The first step in preparing to sample is to verify that the sample location is appropriate. The industrial user permit must specify the sampling location for compliance sampling [40 CFR 403.8(f)(1)(iii)(B)(4)] (CFR, §52.21(aa)(2)(v) 1980). Sampling points should be located where there is no discharge other than the discharge from the industrial user process effluent being monitored. This sampling location must be representative of the actual discharge from the facility. A representative sampling location is where a sample can be obtained that is as close as possible to the same composition as that in the larger volume of wastewater being discharged and is typical of the discharge from the facility on a normal operating day. Convenience, accessibility, and safety are important considerations, but they are secondary to the representativeness of the sample. The most representative samples will be drawn from a wastewater depth where the flow is turbulent and well mixed and the chance of solids settling is minimal. The depth of sample collection should be 40–60% of the wastestreams depth. To avoid contamination, the inspector should take care to collect samples from the center of the flow with the opening of the sampling device or container facing upstream. Wide channels or paths of flow may require dye testing to determine the most representative sampling site. If dye testing is inconclusive, multiple samples may need to be collected by cross‐sectional sampling.
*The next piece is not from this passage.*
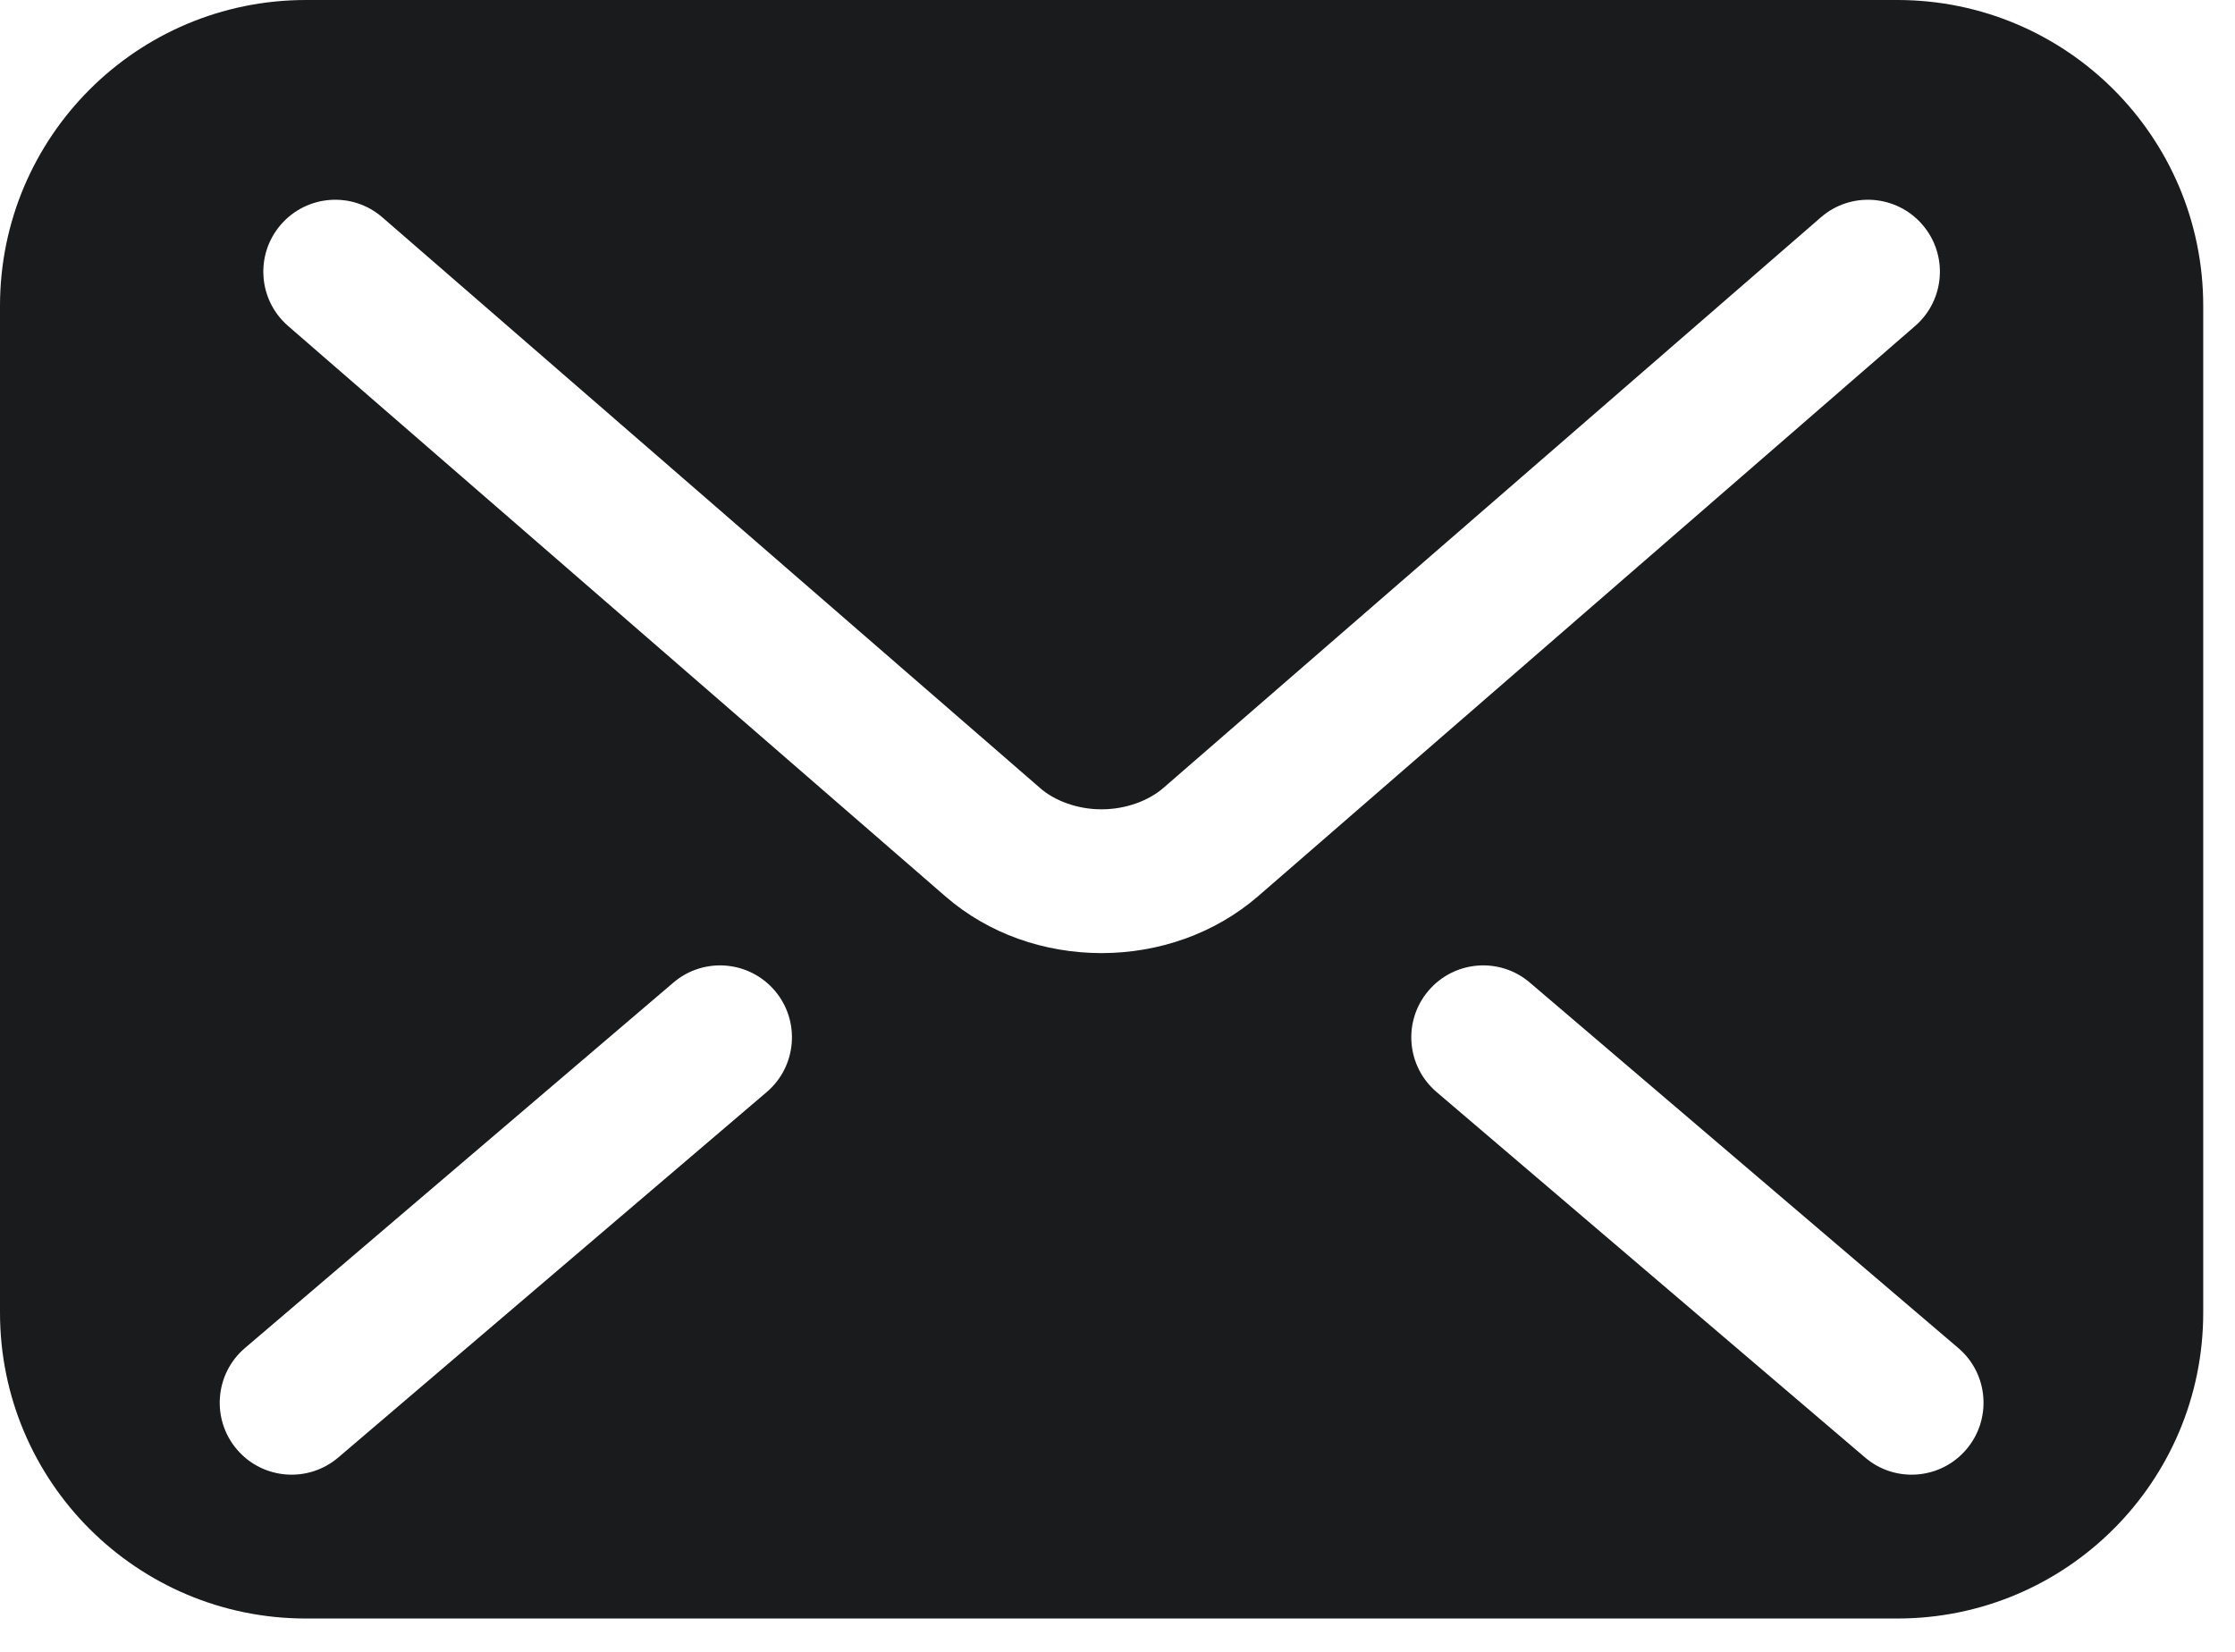 <svg width="23" height="17" viewBox="0 0 23 17" fill="none" xmlns="http://www.w3.org/2000/svg">
<path d="M19.525 0H3.148C1.409 0 0 1.409 0 3.148V13.509C0 15.248 1.409 16.657 3.148 16.657H19.525C21.264 16.657 22.673 15.248 22.673 13.509V3.148C22.673 1.409 21.264 0 19.525 0ZM7.89 11.239L3.482 14.999C3.171 15.265 2.703 15.228 2.438 14.917C2.173 14.606 2.21 14.138 2.521 13.873L6.929 10.113C7.24 9.847 7.707 9.884 7.973 10.195C8.238 10.506 8.201 10.974 7.89 11.239ZM11.336 9.809C10.747 9.808 10.175 9.612 9.729 9.225L9.729 9.226L9.728 9.225C9.728 9.225 9.728 9.225 9.729 9.225L2.965 3.355C2.656 3.087 2.623 2.62 2.891 2.311C3.159 2.002 3.627 1.969 3.935 2.237L10.701 8.108C10.845 8.237 11.084 8.33 11.336 8.329C11.589 8.329 11.823 8.239 11.976 8.106L11.979 8.103L18.738 2.237C19.046 1.969 19.514 2.002 19.782 2.311C20.05 2.62 20.017 3.087 19.708 3.355L12.943 9.227C12.497 9.61 11.926 9.808 11.336 9.809ZM20.235 14.917C19.97 15.228 19.502 15.265 19.192 14.999L14.784 11.239C14.472 10.973 14.435 10.506 14.701 10.195C14.966 9.884 15.434 9.847 15.744 10.113L20.152 13.873C20.464 14.138 20.5 14.606 20.235 14.917Z" fill="#191B1D"/>
</svg>

The inspector should use the sampling location specified in the industrial user’s permit. If the sample location specified in the permit is not adequate to collect a representative sample, the inspector should determine an alternative location. This determination should be based on the inspector’s knowledge of the plant itself, the production processes, and the outfalls. If there is a conflict between the sample location described in the permit and the location the inspector believes is most representative, samples should be collected at both sites. The reason for the conflict should be thoroughly documented for later resolution by the POTW. If necessary, the permit or other control mechanism must be amended to reflect the more representative sampling location(s). The CWA federal categorical standards apply at the end‐of‐process (or at the end of treatment, if treatment exists) unless the standard specifies a different location to collect the sample (e.g. in 40 CFR part 433, metal finishing, the sample location for cyanide is after the cyanide destruct system prior to dilution with other streams). If process effluent is mixed prior to treatment with unregulated wastestreams or dilution water, the CWA (USEPA 1985b) must be used (40 CFR 403.6). In this case, the POTW will designate, in the industrial user’s permit or other control mechanism, where the sampling point(s) will be (end‐of‐pipe, end‐of‐process, or both). The POTW must ensure that any change in the industrial user’s sampling point(s) will not allow the user to substitute dilution for adequate treatment to achieve compliance with applicable standards. Where a treated, regulated, process, wastestream is combined prior to treatment with wastewaters other than those generated by the regulated process, the industrial user may monitor either the segregated process wastestream or the combined wastestream for the purpose of determining compliance with applicable pretreatment standards.